Scientists have had to retract yet another study on global warming -- this time, one purporting to show that sea levels will rise by 7 to 82 cm (3 to 33 inches) by 2100. The study, published last year in Nature Geoscience, echoed warnings issued in 2007 by the global warming indoctrination arm of the United Nations: the Intergovernmental Panel on Climate Change (IPCC). Apparently, there were a couple of not-so-minor mistakes that mean the study's earth-shattering (or earth-flooding) conclusions aren't so accurate after all. Citing two mistakes -- a "miscalculation" and "not ... allowing fully for temperature change over the past 2,000 years" -- the authors retracted the paper, stating they would "invest in the further work needed to correct these mistakes."
According to author Mark Siddall, though, it's just "one of those things that happens.
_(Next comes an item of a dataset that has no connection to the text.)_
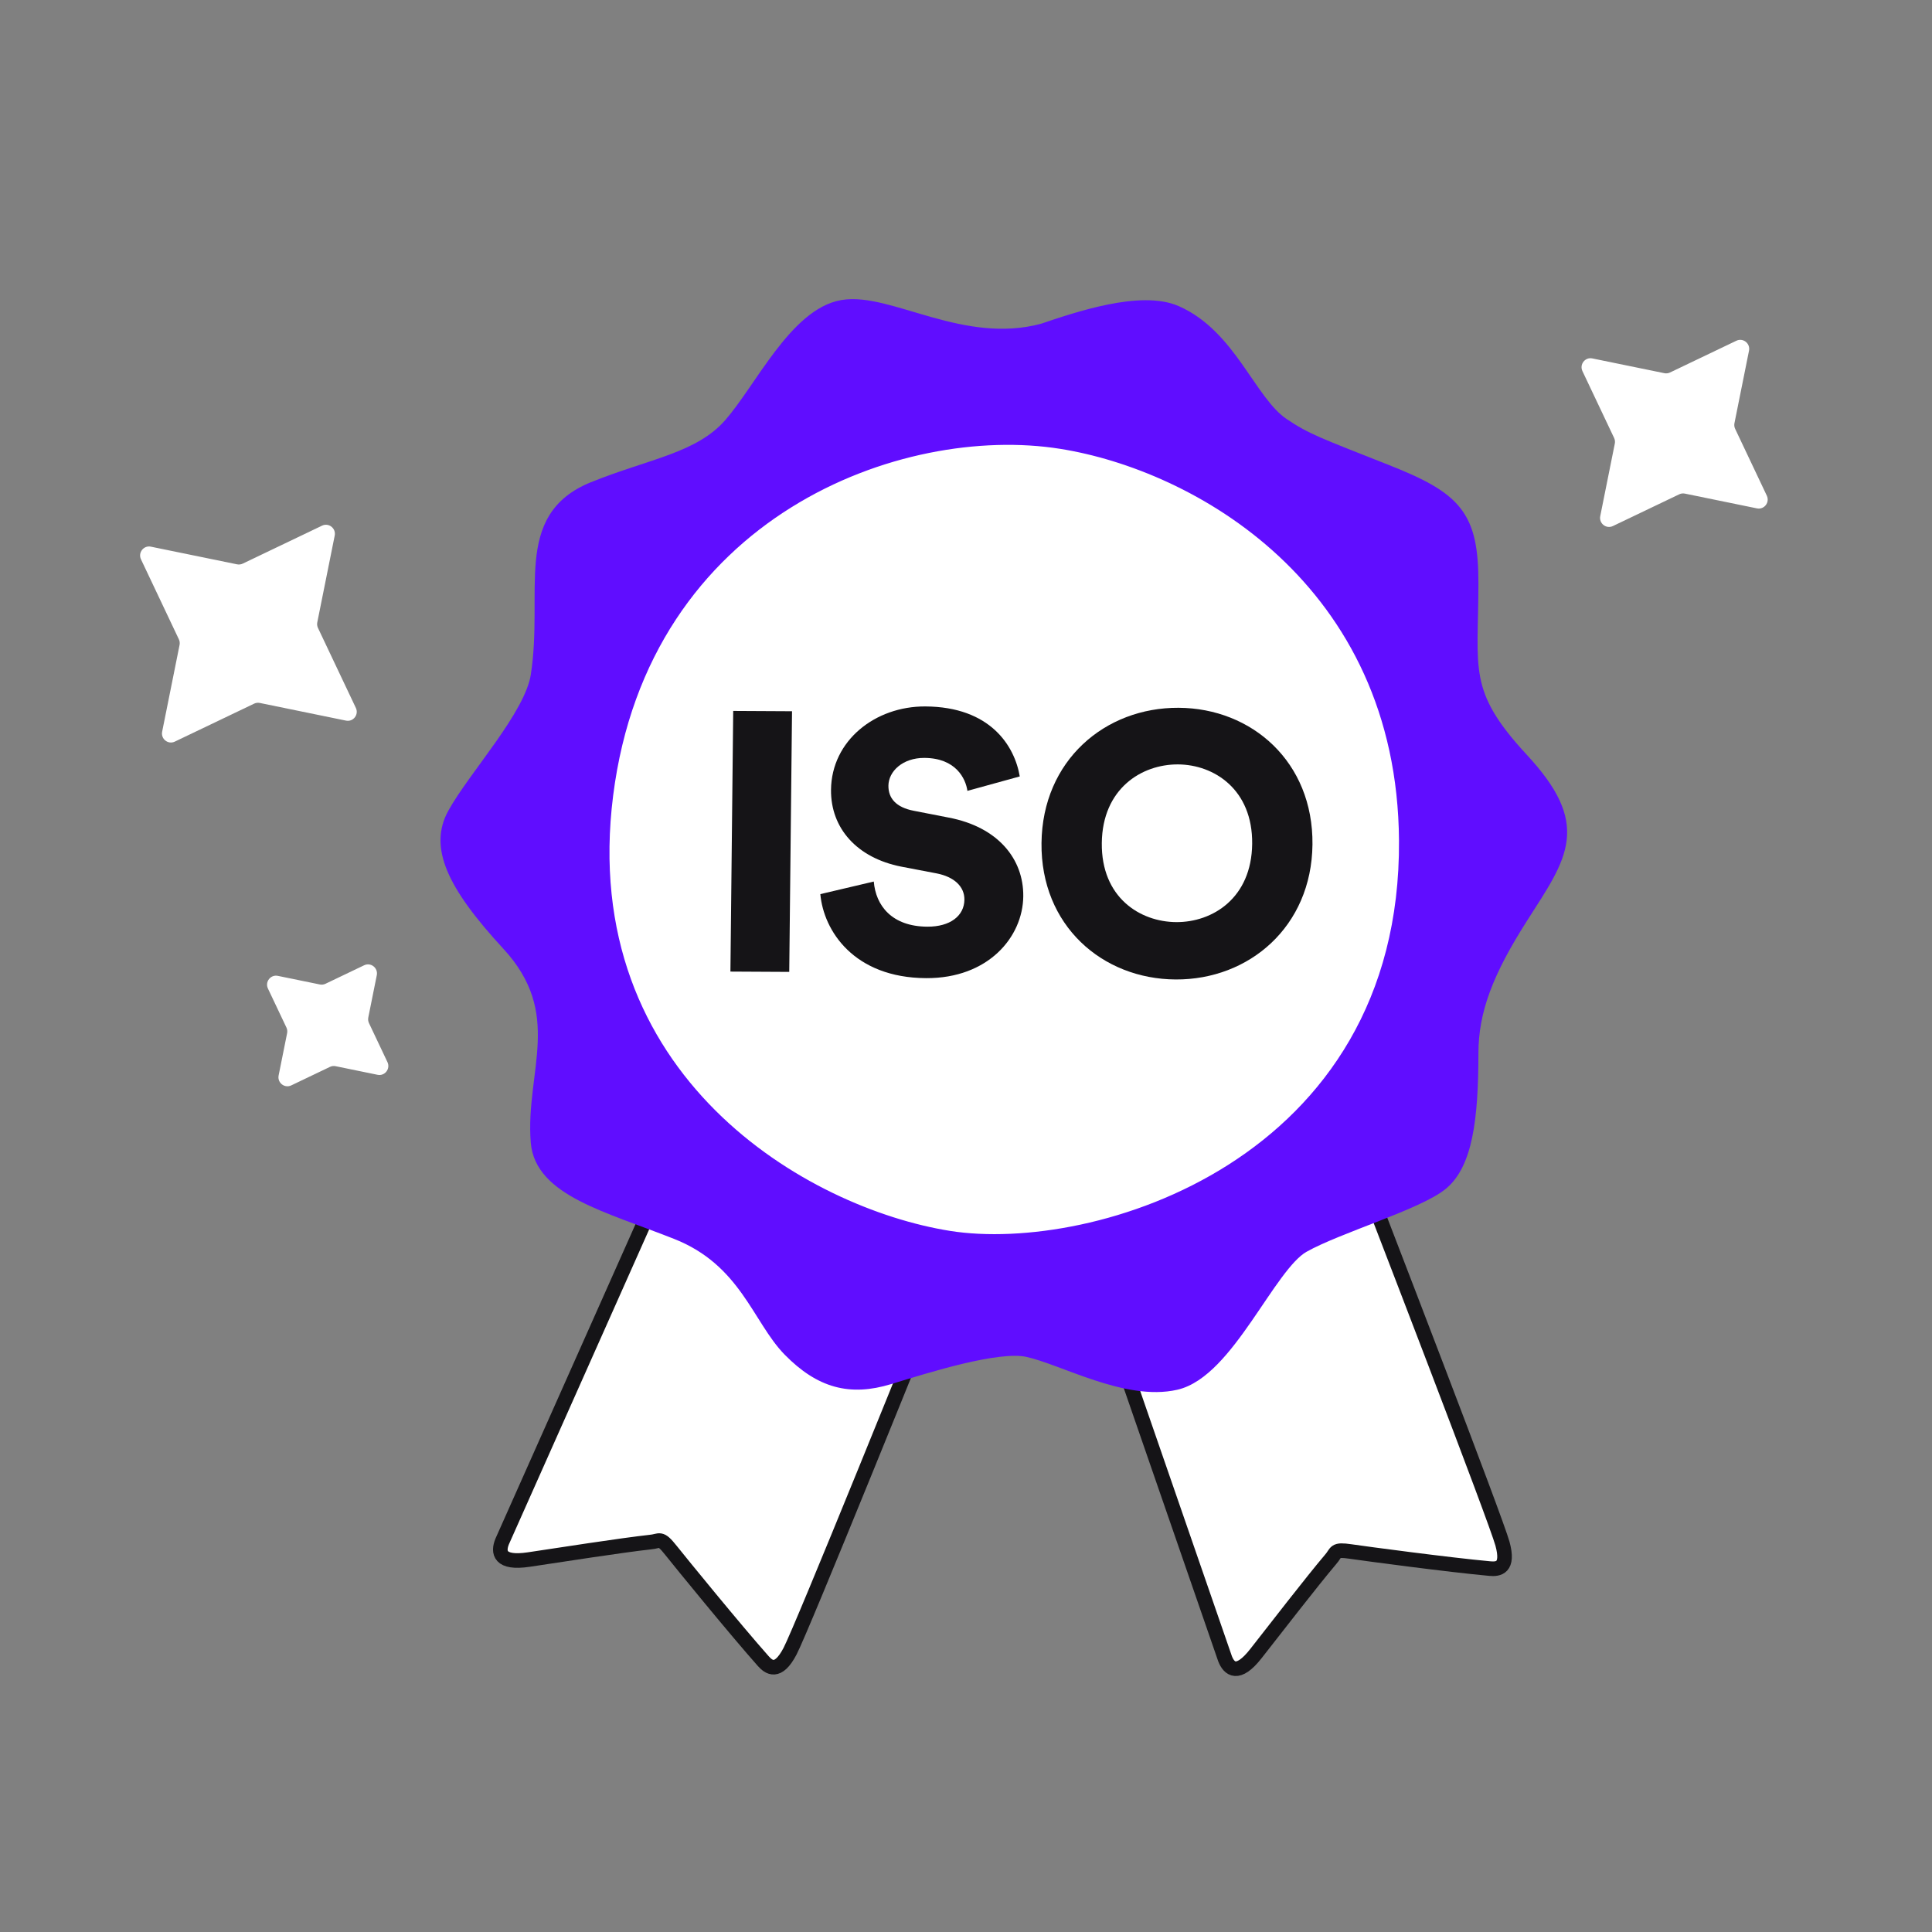<?xml version="1.0" encoding="UTF-8"?> <svg xmlns="http://www.w3.org/2000/svg" width="172" height="172" viewBox="0 0 172 172" fill="none"><rect x="0" y="0" width="172" height="172" fill="#808080" stroke="none"/><path d="M109.062 147.671L95.314 107.91L118.8 98.038C123.534 110.254 133.154 135.234 133.759 137.427C134.365 139.62 133.37 139.714 132.644 139.648C129.037 139.32 121.569 138.322 120.259 138.129C118.709 137.9 119.032 138.193 118.45 138.841C116.807 140.78 113.424 145.158 111.807 147.219C110.191 149.281 109.417 148.579 109.062 147.671Z" fill="white" stroke="#151417" stroke-width="1.3" stroke-linecap="round"></path><path d="M44.701 137.247L62.177 98.011L86.641 107.198C81.653 119.611 71.409 144.953 70.331 147.01C69.253 149.067 68.442 148.436 67.945 147.876C65.476 145.095 60.585 139.096 59.74 138.031C58.74 136.771 58.778 137.215 57.89 137.288C55.306 137.573 49.718 138.448 47.07 138.843C44.422 139.238 44.332 138.172 44.701 137.247Z" fill="white" stroke="#151417" stroke-width="1.3" stroke-linecap="round"></path><path d="M104.662 27.842C101.573 26.497 95.957 28.399 92.868 29.446C85.659 31.39 79.138 26.655 75.019 27.353C70.9 28.05 67.81 34.679 65.064 37.819C62.318 40.96 57.981 41.449 52.832 43.542C46.31 46.194 49.056 52.614 47.901 60.149C47.346 63.766 42.317 69.153 40.475 72.501C38.93 75.309 40.258 78.573 45.282 84.015C50.928 90.133 47.398 95.529 47.901 101.669C48.244 105.856 54.08 107.251 60.258 109.694C66.437 112.136 67.591 117.37 70.337 120.161C73.083 122.952 75.705 123.65 79.137 122.603C82.57 121.556 88.809 119.578 91.495 120.161C94.708 120.859 100.295 124.089 104.662 123.092C109.249 122.046 112.9 112.625 115.99 110.881C119.079 109.136 126.288 107.043 128.347 105.298C130.407 103.554 130.969 99.716 130.969 93.785C130.969 89.947 132.308 86.458 135.432 81.573C139.001 75.991 140.924 73.548 135.432 67.617C129.939 61.685 130.969 59.592 130.969 51.916C130.969 45.975 129.596 44.449 123.418 42.006C117.239 39.564 116.209 39.215 114.15 37.819C111.184 35.81 109.468 29.934 104.662 27.842Z" fill="#600DFF"></path><path d="M92.868 29.446L93.037 30.074L93.057 30.068L93.076 30.062L92.868 29.446ZM104.662 27.842L104.403 28.438L104.662 27.842ZM114.15 37.819L113.785 38.358V38.358L114.15 37.819ZM123.418 42.006L123.179 42.611L123.418 42.006ZM135.432 67.617L134.955 68.058L135.432 67.617ZM135.432 81.573L134.884 81.223L135.432 81.573ZM128.347 105.298L128.767 105.794L128.347 105.298ZM104.662 123.092L104.518 122.459L104.662 123.092ZM91.495 120.161L91.357 120.796L91.495 120.161ZM79.137 122.603L79.327 123.225L79.137 122.603ZM70.337 120.161L69.873 120.617L70.337 120.161ZM60.258 109.694L60.497 109.089L60.258 109.694ZM47.901 101.669L47.253 101.722L47.253 101.722L47.901 101.669ZM45.282 84.015L45.759 83.574L45.282 84.015ZM40.475 72.501L41.044 72.815H41.044L40.475 72.501ZM47.901 60.149L47.258 60.051L47.901 60.149ZM52.832 43.542L52.587 42.94L52.832 43.542ZM65.064 37.819L65.554 38.247L65.064 37.819ZM75.019 27.353L75.127 27.994L75.019 27.353ZM93.076 30.062C94.625 29.537 96.764 28.813 98.893 28.384C101.056 27.949 103.056 27.852 104.403 28.438L104.922 27.246C103.179 26.487 100.827 26.669 98.637 27.11C96.413 27.558 94.199 28.309 92.659 28.83L93.076 30.062ZM104.403 28.438C106.63 29.408 108.173 31.267 109.565 33.237C110.243 34.196 110.915 35.225 111.573 36.098C112.239 36.982 112.954 37.794 113.785 38.358L114.514 37.282C113.863 36.84 113.251 36.165 112.611 35.316C111.964 34.457 111.35 33.51 110.627 32.487C109.218 30.493 107.501 28.369 104.922 27.246L104.403 28.438ZM113.785 38.358C115.919 39.803 117.032 40.181 123.179 42.611L123.656 41.402C117.446 38.947 116.5 38.627 114.514 37.282L113.785 38.358ZM123.179 42.611C126.278 43.836 128.004 44.775 128.998 46.049C129.971 47.296 130.319 48.97 130.319 51.916H131.619C131.619 48.921 131.281 46.861 130.023 45.249C128.786 43.664 126.736 42.619 123.656 41.402L123.179 42.611ZM130.319 51.916C130.319 53.853 130.255 55.352 130.244 56.769C130.233 58.148 130.276 59.367 130.503 60.544C130.964 62.936 132.168 65.049 134.955 68.058L135.908 67.175C133.202 64.253 132.176 62.354 131.779 60.298C131.577 59.25 131.533 58.136 131.544 56.779C131.554 55.459 131.619 53.817 131.619 51.916H130.319ZM134.955 68.058C137.66 70.981 138.391 72.889 138.184 74.65C138.078 75.558 137.717 76.489 137.138 77.563C136.556 78.642 135.785 79.813 134.884 81.223L135.979 81.923C136.863 80.542 137.671 79.314 138.282 78.18C138.896 77.04 139.342 75.943 139.475 74.802C139.749 72.463 138.695 70.185 135.908 67.175L134.955 68.058ZM134.884 81.223C131.731 86.153 130.319 89.767 130.319 93.785H131.619C131.619 90.126 132.885 86.762 135.979 81.923L134.884 81.223ZM130.319 93.785C130.319 96.739 130.178 99.128 129.794 100.98C129.409 102.837 128.797 104.066 127.927 104.802L128.767 105.794C129.957 104.786 130.656 103.224 131.067 101.244C131.479 99.258 131.619 96.761 131.619 93.785H130.319ZM127.927 104.802C127.484 105.177 126.718 105.605 125.709 106.071C124.714 106.531 123.539 107.005 122.317 107.485C119.904 108.431 117.267 109.413 115.67 110.315L116.309 111.447C117.802 110.604 120.313 109.667 122.792 108.695C124.016 108.215 125.222 107.729 126.255 107.251C127.273 106.78 128.18 106.292 128.767 105.794L127.927 104.802ZM115.67 110.315C114.765 110.826 113.886 111.849 113.039 112.991C112.184 114.145 111.271 115.552 110.353 116.878C109.42 118.225 108.463 119.517 107.468 120.533C106.466 121.557 105.485 122.238 104.518 122.459L104.807 123.726C106.133 123.424 107.328 122.535 108.397 121.443C109.473 120.344 110.482 118.975 111.422 117.618C112.376 116.241 113.242 114.9 114.084 113.765C114.934 112.617 115.67 111.808 116.309 111.447L115.67 110.315ZM104.518 122.459C102.52 122.915 100.18 122.41 97.849 121.645C96.691 121.264 95.574 120.833 94.519 120.444C93.478 120.06 92.486 119.711 91.632 119.526L91.357 120.796C92.109 120.959 93.021 121.276 94.068 121.663C95.101 122.044 96.256 122.49 97.443 122.88C99.801 123.654 102.437 124.267 104.807 123.726L104.518 122.459ZM91.632 119.526C90.855 119.357 89.876 119.381 88.837 119.504C87.787 119.628 86.621 119.859 85.446 120.138C83.097 120.697 80.656 121.46 78.948 121.981L79.327 123.225C81.051 122.699 83.446 121.95 85.746 121.403C86.896 121.13 88.008 120.91 88.99 120.795C89.983 120.677 90.791 120.673 91.357 120.796L91.632 119.526ZM78.948 121.981C77.317 122.479 75.932 122.546 74.652 122.194C73.367 121.841 72.121 121.047 70.8 119.705L69.873 120.617C71.299 122.065 72.736 123.016 74.307 123.448C75.883 123.881 77.525 123.774 79.327 123.225L78.948 121.981ZM70.8 119.705C70.164 119.058 69.607 118.256 69.019 117.34C68.442 116.44 67.828 115.417 67.113 114.418C65.663 112.392 63.739 110.371 60.497 109.089L60.019 110.298C62.956 111.459 64.698 113.276 66.056 115.175C66.745 116.138 67.32 117.099 67.925 118.042C68.519 118.968 69.136 119.868 69.873 120.617L70.8 119.705ZM60.497 109.089C57.344 107.843 54.426 106.916 52.19 105.758C49.963 104.605 48.691 103.357 48.549 101.616L47.253 101.722C47.453 104.168 49.272 105.711 51.592 106.913C53.904 108.11 56.994 109.102 60.019 110.298L60.497 109.089ZM48.549 101.616C48.428 100.147 48.548 98.711 48.719 97.256C48.887 95.82 49.111 94.333 49.169 92.859C49.288 89.847 48.724 86.787 45.759 83.574L44.804 84.456C47.485 87.361 47.979 90.058 47.87 92.808C47.815 94.215 47.603 95.611 47.428 97.105C47.255 98.58 47.122 100.121 47.253 101.722L48.549 101.616ZM45.759 83.574C43.26 80.867 41.737 78.759 41.016 77.021C40.311 75.323 40.384 74.016 41.044 72.815L39.906 72.188C39.022 73.795 38.986 75.524 39.815 77.52C40.627 79.476 42.28 81.722 44.804 84.456L45.759 83.574ZM41.044 72.815C41.943 71.181 43.609 69.069 45.203 66.8C45.986 65.684 46.741 64.543 47.337 63.444C47.929 62.353 48.388 61.261 48.543 60.248L47.258 60.051C47.136 60.846 46.759 61.784 46.194 62.825C45.634 63.858 44.912 64.951 44.139 66.053C42.619 68.218 40.849 70.473 39.906 72.188L41.044 72.815ZM48.543 60.248C48.84 58.315 48.885 56.461 48.892 54.751C48.899 53.023 48.868 51.477 49.001 50.076C49.133 48.684 49.422 47.511 50.025 46.539C50.62 45.581 51.554 44.764 53.077 44.145L52.587 42.94C50.849 43.647 49.681 44.627 48.92 45.854C48.168 47.067 47.848 48.467 47.707 49.953C47.567 51.431 47.599 53.068 47.592 54.746C47.585 56.442 47.54 58.216 47.258 60.051L48.543 60.248ZM53.077 44.145C54.344 43.63 55.564 43.212 56.734 42.824C57.898 42.438 59.027 42.076 60.077 41.682C62.184 40.892 64.075 39.938 65.554 38.247L64.575 37.392C63.307 38.841 61.656 39.702 59.621 40.465C58.601 40.847 57.508 41.197 56.325 41.59C55.148 41.98 53.895 42.409 52.587 42.94L53.077 44.145ZM65.554 38.247C66.268 37.43 66.996 36.397 67.734 35.326C68.48 34.244 69.24 33.117 70.043 32.065C70.846 31.012 71.671 30.062 72.531 29.338C73.391 28.613 74.252 28.142 75.127 27.994L74.91 26.712C73.726 26.912 72.656 27.532 71.693 28.344C70.729 29.157 69.837 30.191 69.01 31.276C68.183 32.36 67.398 33.523 66.664 34.589C65.921 35.666 65.233 36.639 64.575 37.392L65.554 38.247ZM75.127 27.994C76.022 27.842 77.096 27.98 78.379 28.29C79.671 28.603 81.045 29.054 82.609 29.492C85.678 30.353 89.255 31.094 93.037 30.074L92.698 28.818C89.272 29.743 85.983 29.088 82.96 28.241C81.478 27.826 79.999 27.345 78.685 27.027C77.361 26.706 76.075 26.514 74.91 26.712L75.127 27.994Z" fill="#600DFF"></path><path d="M123.898 74.834C123.744 52.384 105.942 42.451 94.266 40.598C80.571 38.424 58.345 46.343 55.231 70.912C52.118 95.48 72.308 106.971 84.683 108.941C97.057 110.911 124.089 102.896 123.898 74.834Z" fill="white" stroke="white" stroke-width="1.3"></path><path d="M70.264 86.525L70.512 63.32L65.275 63.292L65.027 86.497L70.264 86.525Z" fill="#151417"></path><path d="M90.787 69.123C90.326 66.404 88.17 62.923 82.376 62.892C77.925 62.869 74.03 65.925 73.983 70.31C73.946 73.747 76.308 76.378 80.227 77.152L83.396 77.758C84.931 78.06 85.871 78.916 85.858 80.095C85.843 81.535 84.589 82.51 82.559 82.499C79.384 82.482 77.964 80.609 77.791 78.481L73.032 79.601C73.325 82.876 76.03 87.047 82.445 87.081C87.976 87.11 91.06 83.428 91.099 79.795C91.134 76.49 88.873 73.63 84.463 72.788L81.36 72.183C79.76 71.879 79.081 71.058 79.093 69.945C79.107 68.668 80.364 67.464 82.295 67.474C85.109 67.489 85.974 69.327 86.126 70.408L90.787 69.123Z" fill="#151417"></path><path d="M98.09 75.054C98.142 70.21 101.635 68.035 104.875 68.053C108.083 68.07 111.529 70.281 111.477 75.125C111.425 79.969 107.933 82.111 104.725 82.093C101.485 82.076 98.038 79.898 98.09 75.054ZM92.722 75.058C92.644 82.389 98.124 87.164 104.67 87.199C111.184 87.234 116.766 82.517 116.845 75.186C116.923 67.822 111.443 63.047 104.929 63.012C98.383 62.977 92.801 67.694 92.722 75.058Z" fill="#151417"></path><path d="M140.88 33.04C140.597 32.442 141.114 31.777 141.758 31.909L148.175 33.224C148.344 33.258 148.52 33.237 148.676 33.162L154.584 30.335C155.178 30.051 155.84 30.571 155.709 31.22L154.413 37.674C154.379 37.845 154.401 38.022 154.475 38.179L157.294 44.128C157.577 44.726 157.061 45.391 156.416 45.259L150 43.944C149.83 43.91 149.654 43.931 149.498 44.006L143.59 46.833C142.997 47.117 142.335 46.597 142.465 45.948L143.761 39.494C143.796 39.323 143.774 39.146 143.699 38.989L140.88 33.04Z" fill="white"></path><path d="M12.553 49.799C12.269 49.201 12.786 48.536 13.43 48.668L21.105 50.24C21.274 50.275 21.451 50.253 21.607 50.179L28.673 46.797C29.267 46.513 29.928 47.034 29.798 47.682L28.248 55.402C28.213 55.573 28.235 55.75 28.31 55.907L31.681 63.023C31.965 63.62 31.448 64.286 30.804 64.154L23.129 62.581C22.959 62.547 22.783 62.568 22.627 62.643L15.561 66.025C14.967 66.309 14.305 65.788 14.436 65.14L15.986 57.419C16.02 57.249 15.999 57.072 15.924 56.915L12.553 49.799Z" fill="white"></path><path d="M23.855 88.009C23.572 87.411 24.089 86.746 24.733 86.878L28.474 87.644C28.643 87.679 28.819 87.657 28.975 87.583L32.419 85.935C33.012 85.651 33.674 86.171 33.544 86.82L32.788 90.582C32.754 90.753 32.776 90.93 32.85 91.087L34.493 94.555C34.777 95.152 34.26 95.818 33.616 95.686L29.875 94.919C29.706 94.885 29.53 94.906 29.374 94.981L25.93 96.629C25.337 96.913 24.675 96.392 24.805 95.744L25.561 91.981C25.595 91.811 25.573 91.634 25.499 91.477L23.855 88.009Z" fill="white"></path></svg>

People make mistakes and mistakes happen in science." The problem is, global warmists want to redistribute our nation's wealth and hamstring the world's economy based on theories full of such mistakes.
Despite the expanding evidentiary void, the UN is set to restart negotiations on a global climate change treaty. UN Climate Head Yvo de Boer (who recently announced his resignation, effective July 1) said the negotiating schedule would be intensified in hopes of reaching an agreement by year's end -- an agreement based, of course, on an ever-growing pile of mistakes.